Keep things apart when teams own unrelated products that share no code and ship on their own cycles, where a monorepo buys you nothing and a separate repo keeps release timing and customer-facing changelogs clean.

Compliance can make the split non-negotiable, since government contractors and customers who require that only named people touch the code are best served by a repository walled off from everything else. Open-sourcing is the other common case, where a dedicated public repo lets outside contributors in without dragging the rest of your codebase along.

Let’s say you've made the call and moved to a monorepo. The bet comes due here. Every advantage came from putting teams in the same tree, and that same closeness means one careless PR now reaches everyone downstream. On a busy monorepo the reviewer catching it is a person working through dozens of PRs a week, and people miss things.

On top of that sits a newer pressure: a growing share of the code in pull requests wasn't written by anyone on the team. A coding agent produced it, and the reviewer is now evaluating code they didn't author and may not fully understand. That changes the question from "would I have written it this way" to something harder: "what does this actually do, and where does it break."

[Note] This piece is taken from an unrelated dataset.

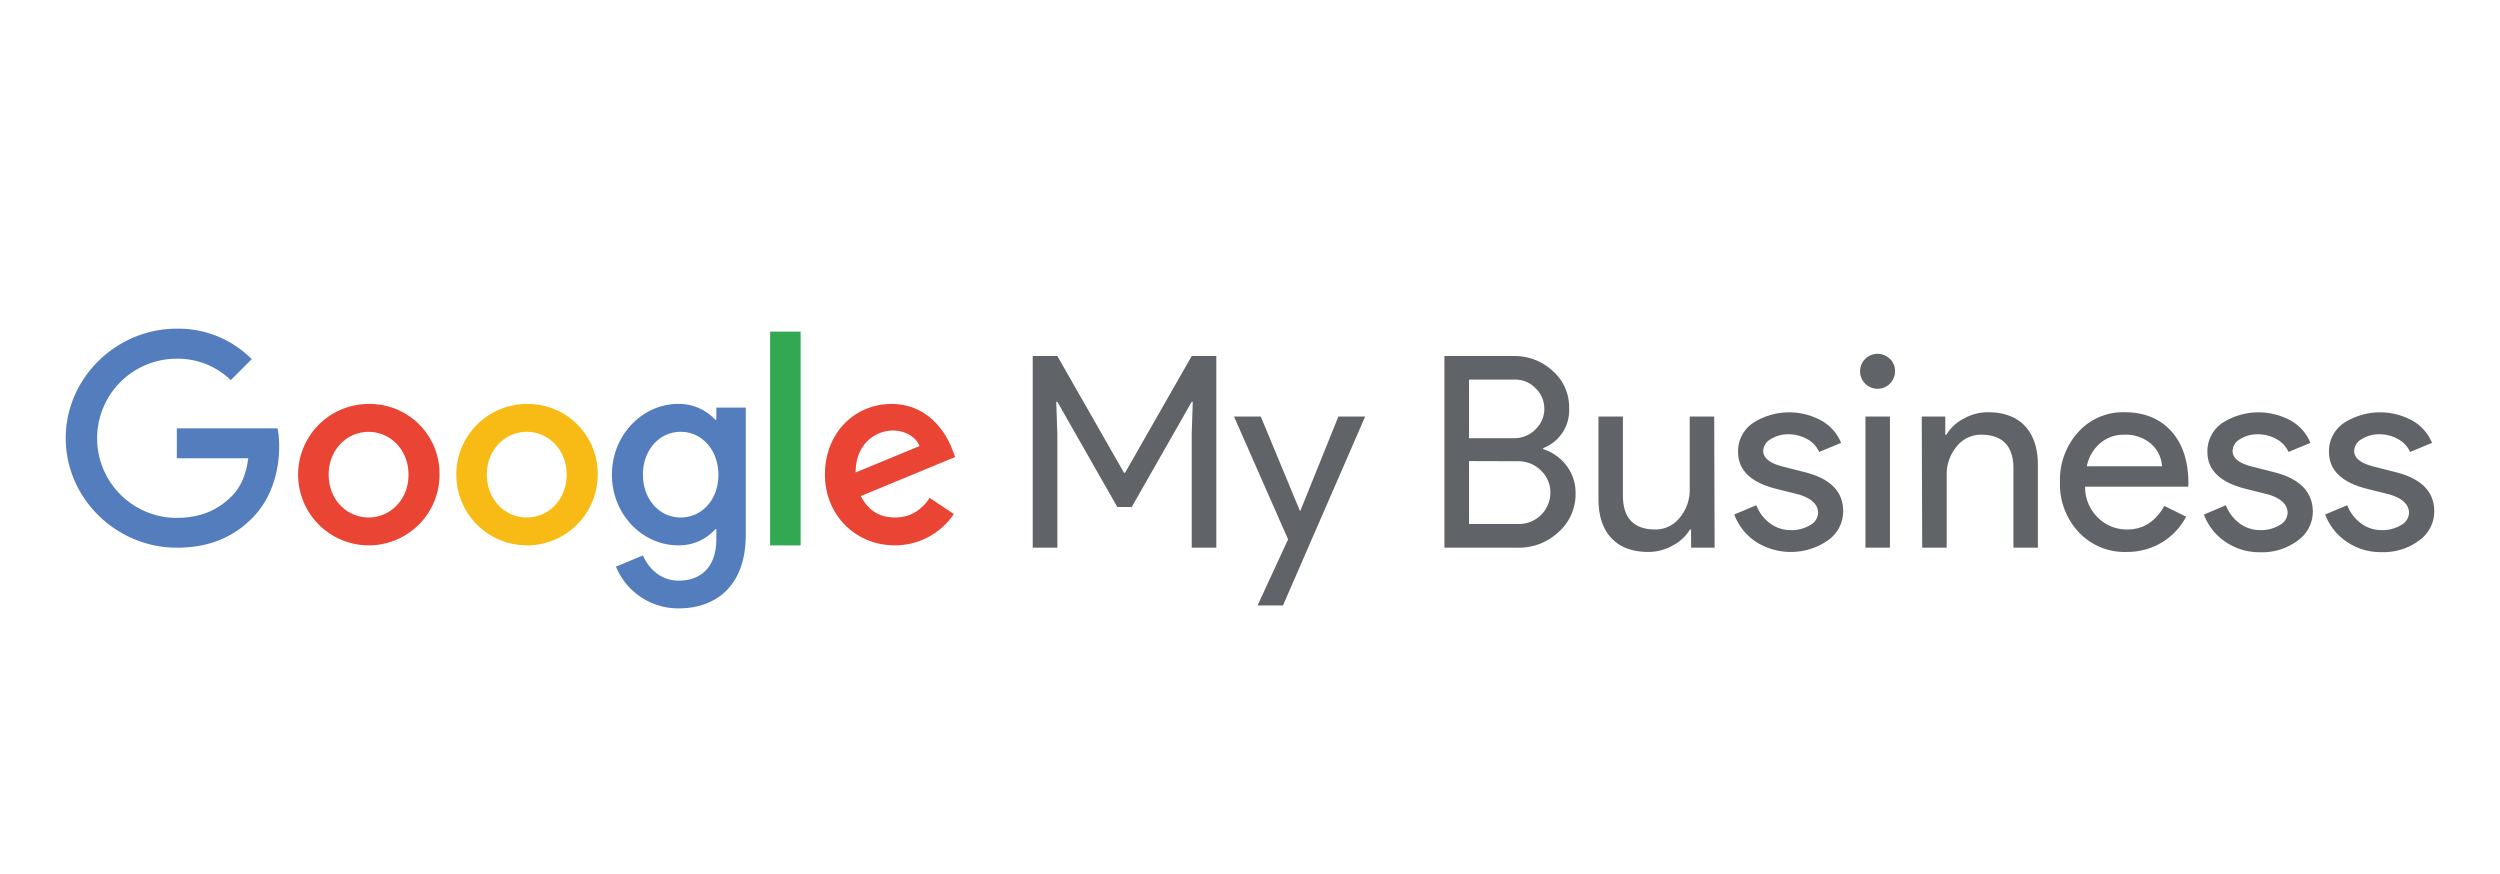 <?xml version="1.0" encoding="UTF-8"?> <svg xmlns="http://www.w3.org/2000/svg" id="Calque_1" data-name="Calque 1" viewBox="0 0 715 250"><defs><style>.cls-1{fill:#547dbe;}.cls-2{fill:#e94434;}.cls-3{fill:#f8bb15;}.cls-4{fill:#32a852;}.cls-5{fill:#606469;}</style></defs><path class="cls-1" d="M50.57,122.5v8.56H71c-.62,4.8-2.22,8.32-4.66,10.79-3,3-7.65,6.26-15.8,6.26a22.76,22.76,0,0,1,0-45.52A21.75,21.75,0,0,1,66,108.72l6-6A29.56,29.56,0,0,0,50.57,94C33.31,94,18.8,108.06,18.8,125.32s14.51,31.32,31.77,31.32c9.33,0,16.36-3.07,21.86-8.77s7.41-13.61,7.41-20a27.73,27.73,0,0,0-.45-5.36Z"></path><path class="cls-2" d="M105.41,148C99.29,148,94,143,94,135.76s5.29-12.25,11.41-12.25,11.42,5,11.42,12.25S111.54,148,105.41,148Zm0-32.47a20.22,20.22,0,1,0,20.29,20.22A19.92,19.92,0,0,0,105.41,115.54Z"></path><path class="cls-1" d="M194.67,148c-6.12,0-10.79-5.22-10.79-12.25s4.67-12.25,10.79-12.25,10.79,5.22,10.79,12.32S200.73,148,194.67,148Zm10.2-27.95h-.32a14,14,0,0,0-10.64-4.52c-10.1,0-18.9,8.8-18.9,20.22s8.8,20.21,18.9,20.21a13.78,13.78,0,0,0,10.64-4.59h.32v2.82c0,7.73-4.14,11.87-10.79,11.87-5.43,0-8.8-3.9-10.2-7.21l-7.72,3.2A19.26,19.26,0,0,0,194.08,174c10.4,0,19.21-6.12,19.21-21.05V116.58h-8.42Z"></path><path class="cls-3" d="M150.65,148c-6.12,0-11.41-5-11.41-12.25s5.29-12.25,11.41-12.25,11.41,5,11.41,12.25S156.78,148,150.65,148Zm0-32.47a20.22,20.22,0,1,0,20.29,20.22A19.93,19.93,0,0,0,150.65,115.54Z"></path><rect class="cls-4" x="220.25" y="94.84" width="8.73" height="61.14"></rect><path class="cls-2" d="M255.32,123.13c3.59,0,6.65,1.84,7.66,4.45l-18.27,7.55C244.71,126.64,250.73,123.13,255.32,123.13ZM256,148c-4.52,0-7.73-2.06-9.81-6.13l27-11.17-.9-2.29c-1.67-4.53-6.82-12.88-17.29-12.88s-19.07,8.18-19.07,20.22c0,11.34,8.56,20.21,20,20.21A20.17,20.17,0,0,0,272.79,147l-6.89-4.59C263.6,145.78,260.47,148,256,148Z"></path><polygon class="cls-5" points="302.4 124.1 302.09 114.91 302.4 114.91 319.55 145 323.68 145 340.83 114.91 341.13 114.91 340.83 124.1 340.83 156.64 347.87 156.64 347.87 101.82 340.83 101.82 321.77 135.2 321.46 135.2 302.4 101.82 295.36 101.82 295.36 156.64 302.4 156.64 302.4 124.1"></polygon><polygon class="cls-5" points="382.78 119.12 371.91 146.07 371.76 146.07 360.58 119.12 352.92 119.12 368.39 154.26 359.66 173.17 366.93 173.17 390.44 119.12 382.78 119.12"></polygon><path class="cls-5" d="M434,131.91a9.1,9.1,0,0,1,6.73,2.68,8.59,8.59,0,0,1,2.68,6.28,9,9,0,0,1-9.11,9H420.14v-18Zm-.77-23.35a8.09,8.09,0,0,1,6,2.53,8.13,8.13,0,0,1-.08,11.71,8.53,8.53,0,0,1-6.28,2.52H420.14V108.56Zm.77,48.08a16.51,16.51,0,0,0,11.71-4.44,14.47,14.47,0,0,0,4.9-11.18,12.67,12.67,0,0,0-2.53-7.77,13.33,13.33,0,0,0-6.73-4.79v-.3a11.57,11.57,0,0,0,7.42-11.41,13.72,13.72,0,0,0-4.67-10.64,16,16,0,0,0-11.18-4.29H413.1v54.82Z"></path><path class="cls-5" d="M490.26,119.12h-7v20.75a12.31,12.31,0,0,1-2.83,8.15,8.79,8.79,0,0,1-7,3.41q-9,0-9.27-9.19V119.12h-7V142.7q0,7.28,3.71,11.22t10.61,3.94a14.1,14.1,0,0,0,6.92-1.84,12.46,12.46,0,0,0,4.94-4.59h.31v5.21h6.73Z"></path><path class="cls-5" d="M516,135l-5.67-1.45q-6-1.38-6.05-4.6a4,4,0,0,1,2.19-3.37,9.1,9.1,0,0,1,4.93-1.37,10.87,10.87,0,0,1,5.4,1.34,7.85,7.85,0,0,1,3.48,3.71l6.28-2.6a12.87,12.87,0,0,0-5.63-6.36,19.13,19.13,0,0,0-19.67.73,9.76,9.76,0,0,0-4.17,8.23q0,7.82,10.95,10.56l6.43,1.61c3.67,1.12,5.51,2.89,5.51,5.28a4.15,4.15,0,0,1-2.26,3.45,10.2,10.2,0,0,1-5.63,1.45,9.77,9.77,0,0,1-5.78-1.87,11.66,11.66,0,0,1-4-5.25L496,147.14a16.16,16.16,0,0,0,6.12,7.77,18.63,18.63,0,0,0,20.75-.42,10.17,10.17,0,0,0,4.28-8.27Q527.16,137.73,516,135Z"></path><path class="cls-5" d="M533.52,119.12v37.52h7V119.12Zm7-16.46a5,5,0,1,0,1.46,3.53A4.82,4.82,0,0,0,540.56,102.66Z"></path><path class="cls-5" d="M549.75,156.64h7V135.89a12.33,12.33,0,0,1,2.83-8.15,8.82,8.82,0,0,1,7-3.41q9,0,9.26,9.19v23.12h7V133.06q0-7.27-3.71-11.22t-10.6-3.94a14.1,14.1,0,0,0-6.93,1.84,12.46,12.46,0,0,0-4.94,4.59h-.31v-5.21h-6.73Z"></path><path class="cls-5" d="M600.62,126.78a10.22,10.22,0,0,1,6.85-2.45,11.14,11.14,0,0,1,7.69,2.56,9.31,9.31,0,0,1,3.18,6.47H596.83A11.65,11.65,0,0,1,600.62,126.78Zm17.61,28.4a18.68,18.68,0,0,0,7-7.42L619,144.69q-3.83,6.75-10.56,6.74a11.72,11.72,0,0,1-8.42-3.37,12.19,12.19,0,0,1-3.68-8.88h29.48l.07-.76q0-9.72-4.93-15.12t-13.29-5.4a17.23,17.23,0,0,0-13.32,5.7,20.39,20.39,0,0,0-5.2,14.28,20,20,0,0,0,5.36,14.32,18,18,0,0,0,13.62,5.66A19.36,19.36,0,0,0,618.23,155.18Z"></path><path class="cls-5" d="M650.19,135l-5.67-1.45q-6-1.38-6-4.6a4,4,0,0,1,2.18-3.37,9.1,9.1,0,0,1,4.93-1.37,10.84,10.84,0,0,1,5.4,1.34,7.92,7.92,0,0,1,3.49,3.71l6.27-2.6a12.85,12.85,0,0,0-5.62-6.36,19.15,19.15,0,0,0-19.68.73,9.76,9.76,0,0,0-4.17,8.23q0,7.82,11,10.56l6.43,1.61c3.67,1.12,5.51,2.89,5.51,5.28a4.13,4.13,0,0,1-2.26,3.45,10.2,10.2,0,0,1-5.63,1.45,9.77,9.77,0,0,1-5.78-1.87,11.66,11.66,0,0,1-4-5.25l-6.27,2.68a16.16,16.16,0,0,0,6.12,7.77,17.11,17.11,0,0,0,9.95,3,16.93,16.93,0,0,0,10.8-3.37,10.15,10.15,0,0,0,4.28-8.27Q661.36,137.73,650.19,135Z"></path><path class="cls-5" d="M685,135l-5.66-1.45c-4-.92-6.05-2.45-6.05-4.6a4,4,0,0,1,2.18-3.37,9.11,9.11,0,0,1,4.94-1.37,10.8,10.8,0,0,1,5.39,1.34,7.92,7.92,0,0,1,3.49,3.71l6.28-2.6a12.92,12.92,0,0,0-5.63-6.36,19.15,19.15,0,0,0-19.68.73,9.76,9.76,0,0,0-4.17,8.23q0,7.82,10.95,10.56l6.43,1.61c3.67,1.12,5.51,2.89,5.51,5.28a4.13,4.13,0,0,1-2.26,3.45,10.16,10.16,0,0,1-5.62,1.45,9.75,9.75,0,0,1-5.78-1.87,11.66,11.66,0,0,1-4-5.25L665,147.14a16.21,16.21,0,0,0,6.12,7.77,17.12,17.12,0,0,0,10,3,16.92,16.92,0,0,0,10.79-3.37,10.16,10.16,0,0,0,4.29-8.27Q696.2,137.73,685,135Z"></path></svg>

CodeRabbit's analysis of [AI-authored versus human-authored PRs](https://coderabbit.ai/blog/state-of-ai-vs-human-code-generation-report) found that AI-generated changes carry roughly 1.7x more issues on average, and more than 3x more readability problems. In a monorepo, that code lands right next to everyone's shared logic, which makes the comprehension gap a shared problem too.

CodeRabbit takes the repetitive first pass so your reviewers can spend their attention on architecture and intent. On a monorepo, a few things make it worth having:

It traces changes through the code graph and flags breaking API changes against the callers they affect, before the PR merges.

It opens each review with a plain-language summary, a walkthrough, and an architecture diagram, so a reviewer facing an unfamiliar change can see what it does before judging whether it's right.

It holds style and convention consistent across packages and calls out missing docs, which is where shared code rots fastest.

It runs 50-plus linters and SAST scanners inline, and learns from your team's feedback over time rather than applying a generic checklist.

None of this replaces human review. It makes the human faster and keeps the standard, even across teams that would otherwise drift apart.

The context isn't limited to a single tree either. For polyrepos, Linked Repositories and [Multi-Repo Analysis](https://docs.coderabbit.ai/knowledge-base/multi-repo-analysis) extend the same reasoning across related repositories, so a renamed field in an API schema surfaces against the services that parse it even when they live somewhere else. That's what matters for teams with microservices, shared SDKs, or a split frontend and backend.